As for the previous question, I’d like to stress that, apart from the Research Award, we have a podcast, Umbracle. As part of this attempt to grow a little without taking a leap into the void, we’ve also launched this project, and here I’d like to stress that there’s a whole group of members from outside the board of the ACCEC who strove to make this possible. The idea was to create a podcast of the association with the aim of creating a joint space which would go beyond the media spaces associated with specific journals or media. It’s a meeting point for all colleagues. We created a first season with 12 episodes. And now we’re waiting for the funding to do a second season, which we hope will be even more of a group effort, with more space for coming together and thinking. First we made some very interesting programmes for film critic colleagues, which could act as a tool. For example, I’m thinking of the theory of the actor. Often as critics we don’t focus particularly on the work of actors or we don’t have many tools to assess it, because we were trained more in film directing or scriptwriting. The programmes in which two specialists in this subject participated, Maria Adell and Manu Yáñez, were a collective learning space for film critic colleagues and for any film lover. In our opinion, there are other programmes like this one, such as the one about the Alcarràs generation, which were very interesting.

 

You’ve been president of the ACCEC since 2020. What is the experience like so far?

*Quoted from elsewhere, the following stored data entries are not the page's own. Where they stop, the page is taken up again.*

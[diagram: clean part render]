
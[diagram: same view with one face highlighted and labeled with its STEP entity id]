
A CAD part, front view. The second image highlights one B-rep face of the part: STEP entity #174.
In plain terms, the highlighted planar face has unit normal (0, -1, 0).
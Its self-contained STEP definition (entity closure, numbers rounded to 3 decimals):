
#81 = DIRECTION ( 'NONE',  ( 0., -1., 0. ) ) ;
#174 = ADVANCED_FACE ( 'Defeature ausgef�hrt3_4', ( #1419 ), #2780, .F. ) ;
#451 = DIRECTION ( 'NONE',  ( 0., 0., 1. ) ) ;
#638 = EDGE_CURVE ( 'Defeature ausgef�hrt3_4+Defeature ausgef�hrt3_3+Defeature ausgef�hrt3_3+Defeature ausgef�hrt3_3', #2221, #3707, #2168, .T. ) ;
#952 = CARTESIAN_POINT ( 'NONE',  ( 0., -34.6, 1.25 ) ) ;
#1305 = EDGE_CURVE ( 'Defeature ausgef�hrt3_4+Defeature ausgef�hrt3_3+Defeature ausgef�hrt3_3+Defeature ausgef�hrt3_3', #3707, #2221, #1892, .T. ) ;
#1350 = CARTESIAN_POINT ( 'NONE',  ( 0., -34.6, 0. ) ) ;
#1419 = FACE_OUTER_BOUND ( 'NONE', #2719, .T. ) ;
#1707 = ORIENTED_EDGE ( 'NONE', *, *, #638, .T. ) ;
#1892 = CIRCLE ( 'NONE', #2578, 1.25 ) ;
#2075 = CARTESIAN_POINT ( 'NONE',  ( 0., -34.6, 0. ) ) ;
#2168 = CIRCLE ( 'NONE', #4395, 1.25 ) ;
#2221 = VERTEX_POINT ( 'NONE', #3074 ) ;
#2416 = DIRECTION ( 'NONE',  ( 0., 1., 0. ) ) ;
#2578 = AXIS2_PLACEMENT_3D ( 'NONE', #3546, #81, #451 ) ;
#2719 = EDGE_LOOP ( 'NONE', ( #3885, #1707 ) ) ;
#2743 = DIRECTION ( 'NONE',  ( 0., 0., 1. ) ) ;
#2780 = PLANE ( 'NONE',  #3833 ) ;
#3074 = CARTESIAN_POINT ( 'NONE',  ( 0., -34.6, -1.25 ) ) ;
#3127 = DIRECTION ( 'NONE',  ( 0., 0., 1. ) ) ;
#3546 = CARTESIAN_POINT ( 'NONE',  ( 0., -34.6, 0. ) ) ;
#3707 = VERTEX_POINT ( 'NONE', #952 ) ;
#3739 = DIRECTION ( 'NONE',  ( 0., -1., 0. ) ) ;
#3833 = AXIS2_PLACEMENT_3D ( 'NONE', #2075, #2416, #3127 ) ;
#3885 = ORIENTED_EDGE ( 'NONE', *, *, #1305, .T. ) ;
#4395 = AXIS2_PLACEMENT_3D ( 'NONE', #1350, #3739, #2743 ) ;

It’s been strange, because the COVID arrived in the week after I was appointed in the assembly. Even the assembly was quite spooky, as fear of infection was already brewing. It was strange, as I suppose it was for so many other people. A lot of the meetings were held online. It was more complicated to work as a team and be united and have enough energy and drive to do the proactive tasks in a context in which the entire board, or almost all of it, is in a notoriously precarious situation as regards both work and money. Proactive work thus involved an additional effort. And this is a problem which, again, isn’t exclusive to film critics or journalism, but rather it’s a social problem. A huge number of people are exhausted, tired; we are precarious, we are fragile and we don’t have the time or the drive to do the things that we’d like to do to have a full life, to contribute to society, in this case to the Association of Film Reviews and to our colleagues as a whole.

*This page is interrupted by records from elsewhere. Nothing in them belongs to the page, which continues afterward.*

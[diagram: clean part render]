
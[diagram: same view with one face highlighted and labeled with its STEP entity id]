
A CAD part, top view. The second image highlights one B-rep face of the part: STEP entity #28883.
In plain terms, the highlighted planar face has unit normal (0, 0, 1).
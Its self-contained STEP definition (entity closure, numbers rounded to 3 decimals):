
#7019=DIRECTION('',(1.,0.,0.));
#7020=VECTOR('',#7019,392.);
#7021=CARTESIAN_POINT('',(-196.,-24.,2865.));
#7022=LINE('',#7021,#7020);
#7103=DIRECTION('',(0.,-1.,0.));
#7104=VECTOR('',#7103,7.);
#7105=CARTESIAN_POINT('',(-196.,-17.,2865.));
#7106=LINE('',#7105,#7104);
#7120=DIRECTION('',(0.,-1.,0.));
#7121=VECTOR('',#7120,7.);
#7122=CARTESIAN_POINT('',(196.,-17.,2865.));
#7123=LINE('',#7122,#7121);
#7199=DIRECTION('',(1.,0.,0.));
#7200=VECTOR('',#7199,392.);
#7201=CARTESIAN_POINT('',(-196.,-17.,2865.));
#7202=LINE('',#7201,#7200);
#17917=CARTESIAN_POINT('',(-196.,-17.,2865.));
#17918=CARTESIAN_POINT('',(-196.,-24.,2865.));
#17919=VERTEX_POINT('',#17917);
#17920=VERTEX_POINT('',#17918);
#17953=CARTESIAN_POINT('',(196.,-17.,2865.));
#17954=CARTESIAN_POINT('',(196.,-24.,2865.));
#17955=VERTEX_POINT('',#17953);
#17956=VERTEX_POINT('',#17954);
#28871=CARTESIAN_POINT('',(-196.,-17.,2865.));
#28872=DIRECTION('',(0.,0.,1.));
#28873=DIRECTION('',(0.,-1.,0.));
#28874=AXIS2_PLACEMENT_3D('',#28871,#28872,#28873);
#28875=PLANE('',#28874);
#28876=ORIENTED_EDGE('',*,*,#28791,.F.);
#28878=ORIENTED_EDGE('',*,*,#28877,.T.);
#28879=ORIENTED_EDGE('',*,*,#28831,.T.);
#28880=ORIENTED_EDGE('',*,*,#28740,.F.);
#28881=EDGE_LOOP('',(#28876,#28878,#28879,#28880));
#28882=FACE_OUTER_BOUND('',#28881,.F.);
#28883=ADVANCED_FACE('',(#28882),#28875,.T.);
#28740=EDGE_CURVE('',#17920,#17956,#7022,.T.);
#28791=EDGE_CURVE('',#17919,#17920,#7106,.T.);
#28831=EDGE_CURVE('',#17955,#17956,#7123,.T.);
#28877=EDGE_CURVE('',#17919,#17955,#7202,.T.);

We’ve been doing what we can. Above all, in 2022, we launched the podcast and the 1st Film Research Award. Despite not being perfect, the mistakes made and the tiredness, we believe that we’ve at least placed two very interesting stones on which we can gradually build, slowly and among all of us, a stronger ACCEC with a greater capacity to have an impact on our colleagues, and if possible on the audiovisual community and film lovers in general.